Excerpts from a dataset:
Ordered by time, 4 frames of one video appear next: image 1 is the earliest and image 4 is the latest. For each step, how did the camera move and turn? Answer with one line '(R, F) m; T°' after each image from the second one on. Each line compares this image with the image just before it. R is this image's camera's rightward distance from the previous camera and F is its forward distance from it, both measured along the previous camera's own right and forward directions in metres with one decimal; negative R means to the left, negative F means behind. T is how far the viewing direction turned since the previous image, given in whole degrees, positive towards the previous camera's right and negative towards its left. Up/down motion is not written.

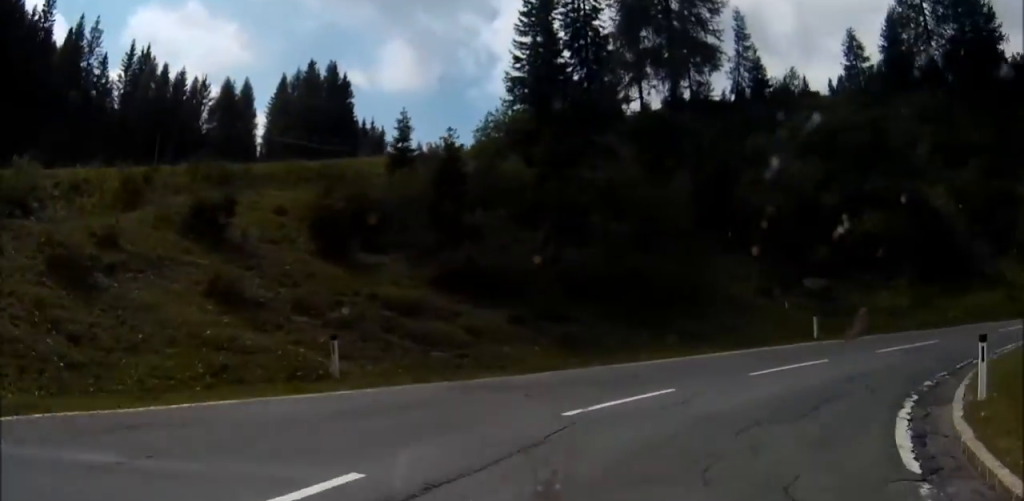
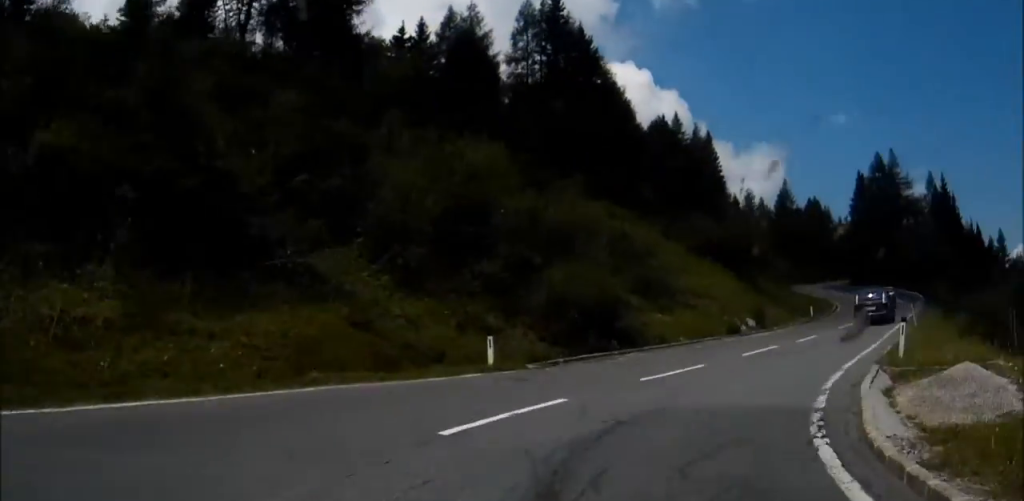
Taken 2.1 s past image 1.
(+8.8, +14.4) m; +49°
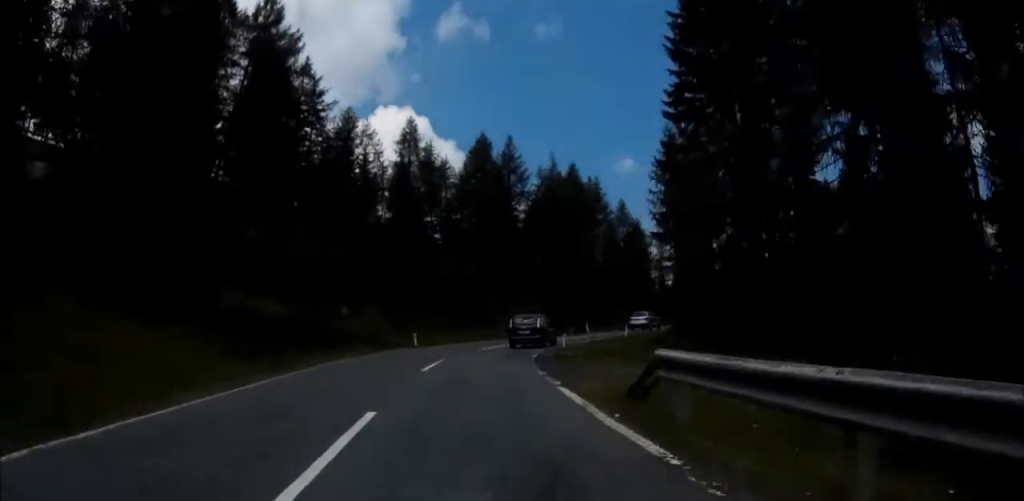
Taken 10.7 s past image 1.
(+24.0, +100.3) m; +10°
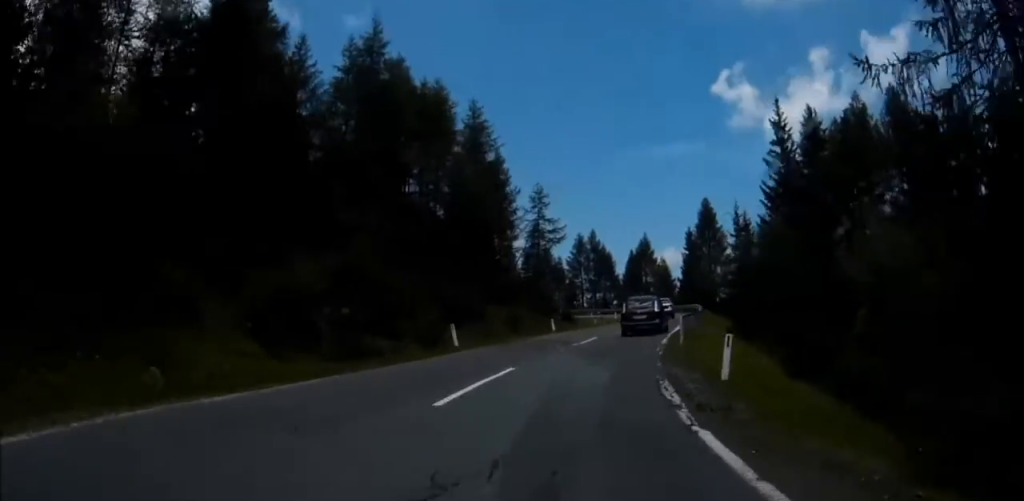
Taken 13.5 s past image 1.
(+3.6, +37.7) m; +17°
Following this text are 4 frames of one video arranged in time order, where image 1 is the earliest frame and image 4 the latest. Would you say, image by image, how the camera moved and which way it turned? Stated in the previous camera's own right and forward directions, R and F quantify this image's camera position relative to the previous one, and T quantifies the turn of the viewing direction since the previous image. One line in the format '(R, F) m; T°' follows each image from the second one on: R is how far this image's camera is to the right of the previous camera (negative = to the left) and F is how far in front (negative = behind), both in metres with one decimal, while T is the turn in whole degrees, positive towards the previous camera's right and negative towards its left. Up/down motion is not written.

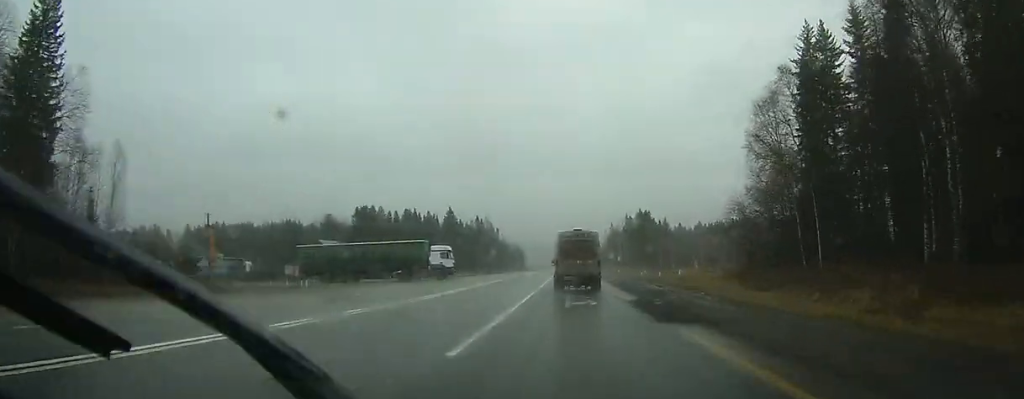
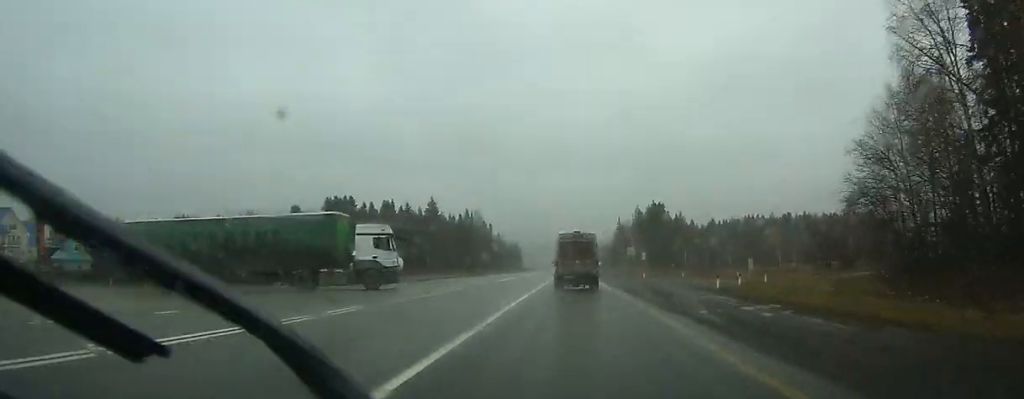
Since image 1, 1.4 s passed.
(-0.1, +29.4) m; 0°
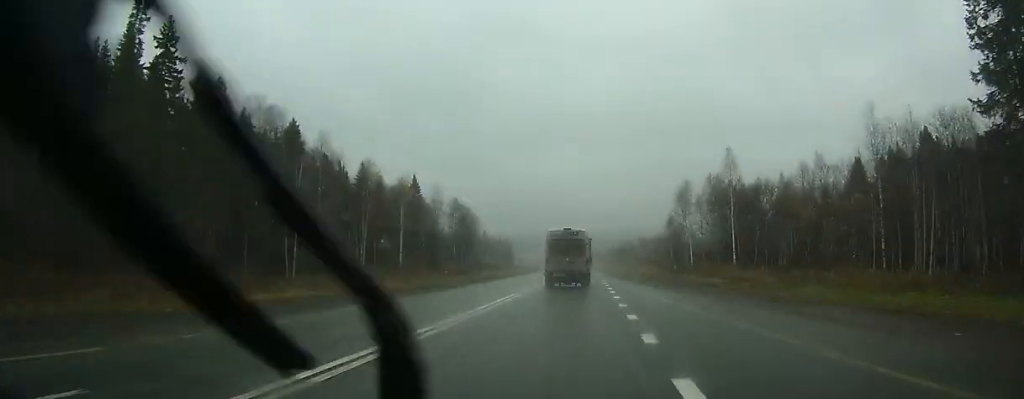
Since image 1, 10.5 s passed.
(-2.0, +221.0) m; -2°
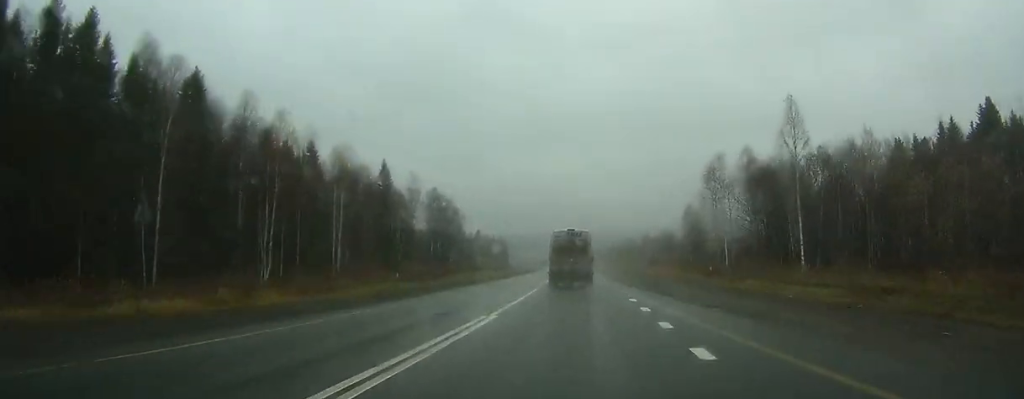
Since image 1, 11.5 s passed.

[WHAT YOU ARE ASKED TO DO]
Reproduce exactly the lines above from the one with "Taken 13.5 s past image 1." through the last line of the data, keeping both ends and dropping the pictures.

[ANSWER TO THIS EXERCISE]
Taken 13.5 s past image 1.
(+3.6, +37.7) m; +17°
Following this text are 4 frames of one video arranged in time order, where image 1 is the earliest frame and image 4 the latest. Would you say, image by image, how the camera moved and which way it turned? Stated in the previous camera's own right and forward directions, R and F quantify this image's camera position relative to the previous one, and T quantifies the turn of the viewing direction since the previous image. One line in the format '(R, F) m; T°' follows each image from the second one on: R is how far this image's camera is to the right of the previous camera (negative = to the left) and F is how far in front (negative = behind), both in metres with one decimal, while T is the turn in whole degrees, positive towards the previous camera's right and negative towards its left. Up/down motion is not written.

Since image 1, 1.4 s passed.
(-0.1, +29.4) m; 0°
Since image 1, 10.5 s passed.
(-2.0, +221.0) m; -2°
Since image 1, 11.5 s passed.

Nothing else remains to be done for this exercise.